Un mot cependant, non pas pour défendre Wénin, mais pour souligner qu'il touche tout de même quelque chose de juste, il y a tout de même ce sentiment (impression, retour sur soi ?) d'Abraham qui perçoit que le don d'un enfant peut devenir le lieu d'une réussite personnelle. Oui, c'est le voeu et le soin de tout parent de conduire ses enfants à devenir des femmes et des hommes libres et adultes, mais il ne faut pas sous estimer peut-être la tendance à une certaine mainmise, et parfois la revendication plus ou moins exprimée d'une "reconnaissance" !
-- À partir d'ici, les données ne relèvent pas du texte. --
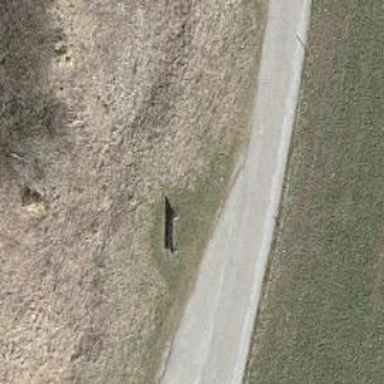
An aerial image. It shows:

Est-ce à cela qu' Abraham a compris qu'il devait renoncer, de cela qu'il devait se dépouiller ?
Evidemment cela ne conduit pas à la mise à mort d'un enfant... heureusement !
Bien entendu, il s'agit d'une représentation terrible de Dieu (ou de la divinité), elle nous paraît insupportable. Et je crois vraiment que le texte (qui combat dans une "couche" précédente la tentation du sacrifice d'enfant) fait vraiment suivre à Abraham le chemin d'un retournement intérieur, d'un autre dépouillement, qui est de se défaire de l'idée d'un dieu qui veut la mort, qui veut du sang, pour affirmer que Dieu au contraire veut la vie.
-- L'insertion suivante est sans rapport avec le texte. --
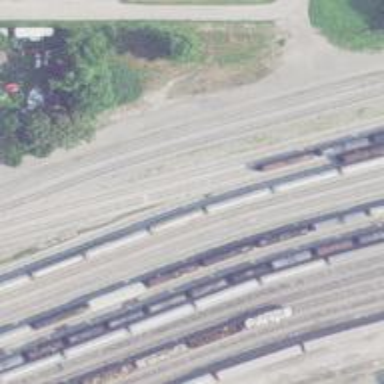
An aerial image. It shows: Railway yard.

Il faut cependant accepter que le texte ait été relu comme une épreuve qu'Abraham doit surmonter (et donc avec l'idée que DIeu pourrait faire cette demande épouvantable) ; les paroles de l'ange du Seigneur vont dans ce sens : une vérification de l'obéissance d'Abraham.
Je le supporte mal, mais je peux comprendre que cela ait tellement (et sinistrement) influencé la pensée chrétienne, confrontée à la mort de Jésus.